I'm in a frustrating and likely unchangable situation (for years or longer) where I do not have an independent income. It's my impression that, this is pretty much unacceptable, and women require either that you have resources, big handsome, or both. If if not both, you must have (especially no money) an EXCESSIVE amount of the other. I'm decent looking, but I'm not Tom Selleck. I pretty much don't have any options for employment at the moment, and I live with my mother and two sisters. We work together to keep our situation above water, and my job is home maker and taking care of my youngest sister who is disabled. In truth, I would never want to abandon my family even being completely desperate to have a woman in my life. But that doesn't change that it hurts. So my question is, would you ever date and consider marrying a "weak" man?
 
No. I won't marry a strong one either. But I would join together and help him take care of his family and allow him into mine. Without being married :club:
 
Not sure if you took offense to my question. But I did not mean it to be demeaning. also, Marriage isn't the central point of my question.
 
desertexile said:
I'm in a frustrating and likely unchangable situation (for years or longer) where I do not have an independent income. It's my impression that, this is pretty much unacceptable, and women require either that you have resources, big handsome, or both. If if not both, you must have (especially no money) an EXCESSIVE amount of the other. I'm decent looking, but I'm not Tom Selleck. I pretty much don't have any options for employment at the moment, and I live with my mother and two sisters. We work together to keep our situation above water, and my job is home maker and taking care of my youngest sister who is disabled. In truth, I would never want to abandon my family even being completely desperate to have a woman in my life. But that doesn't change that it hurts. So my question is, would you ever date and consider marrying a "weak" man?

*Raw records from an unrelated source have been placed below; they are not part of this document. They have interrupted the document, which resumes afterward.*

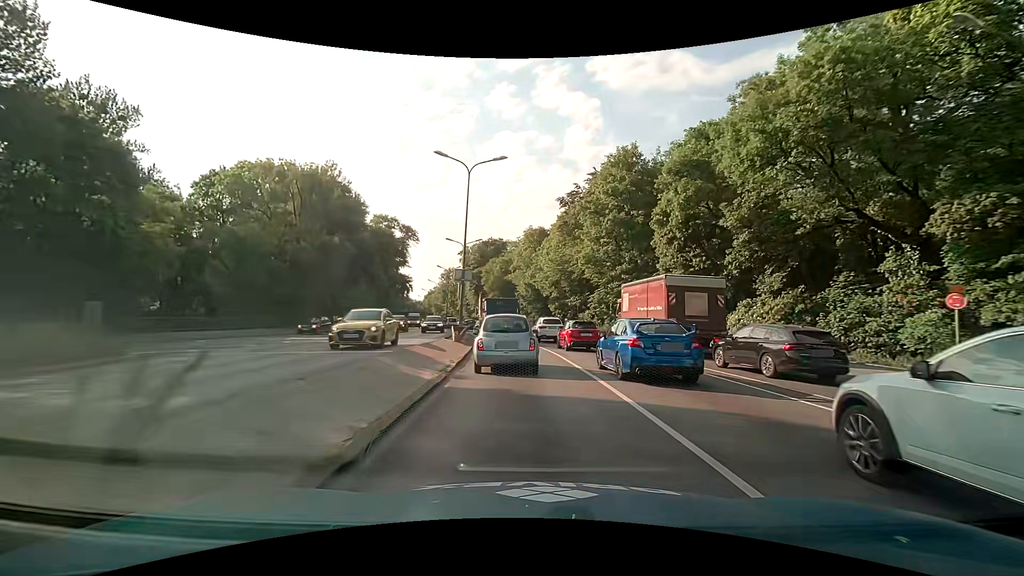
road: trunk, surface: asphalt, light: Day
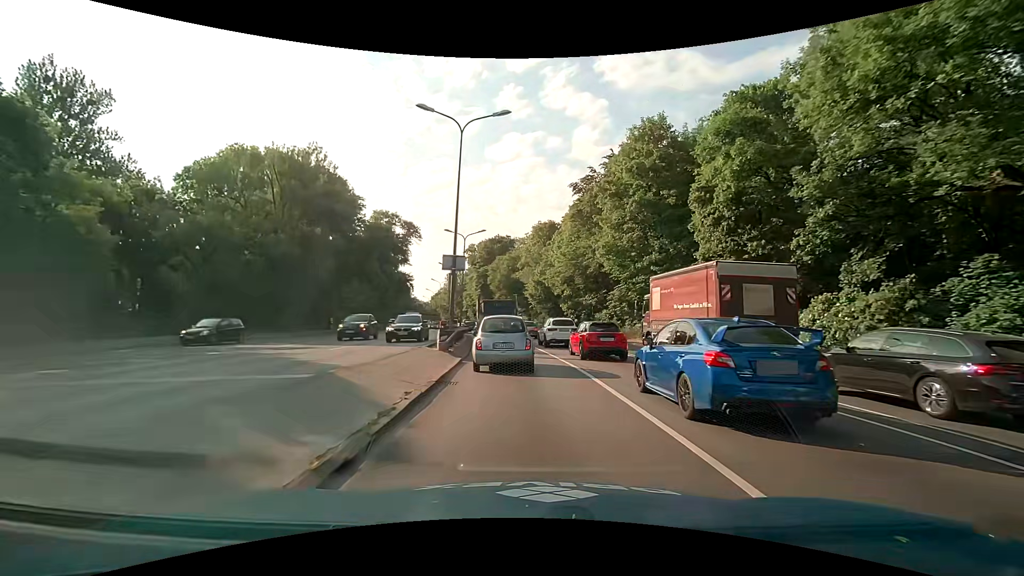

Honestly, his situation would not matter if i feel comfortable with it. And a man who cares for his family is actually a good sign. It shows that he is a reliable man. I like handsome men; I like even more muscular men. But what I love the most is a man I can feel comfortable with
 
AmytheTemperamental said:
No. I won't marry a strong one either. But I would join together and help him take care of his family and allow him into mine. Without being married :club:

Lacrecia said:
desertexile said:
I'm in a frustrating and likely unchangable situation (for years or longer) where I do not have an independent income. It's my impression that, this is pretty much unacceptable, and women require either that you have resources, big handsome, or both. If if not both, you must have (especially no money) an EXCESSIVE amount of the other. I'm decent looking, but I'm not Tom Selleck. I pretty much don't have any options for employment at the moment, and I live with my mother and two sisters. We work together to keep our situation above water, and my job is home maker and taking care of my youngest sister who is disabled. In truth, I would never want to abandon my family even being completely desperate to have a woman in my life. But that doesn't change that it hurts. So my question is, would you ever date and consider marrying a "weak" man?

Honestly, his situation would not matter if i feel comfortable with it. And a man who cares for his family is actually a good sign. It shows that he is a reliable man. I like handsome men; I like even more muscular men. But what I love the most is a man I can feel comfortable with

Well that's good to hear. I'm not muscular at all though. I have a decent face but I'm a bit fat. I'm working on that though.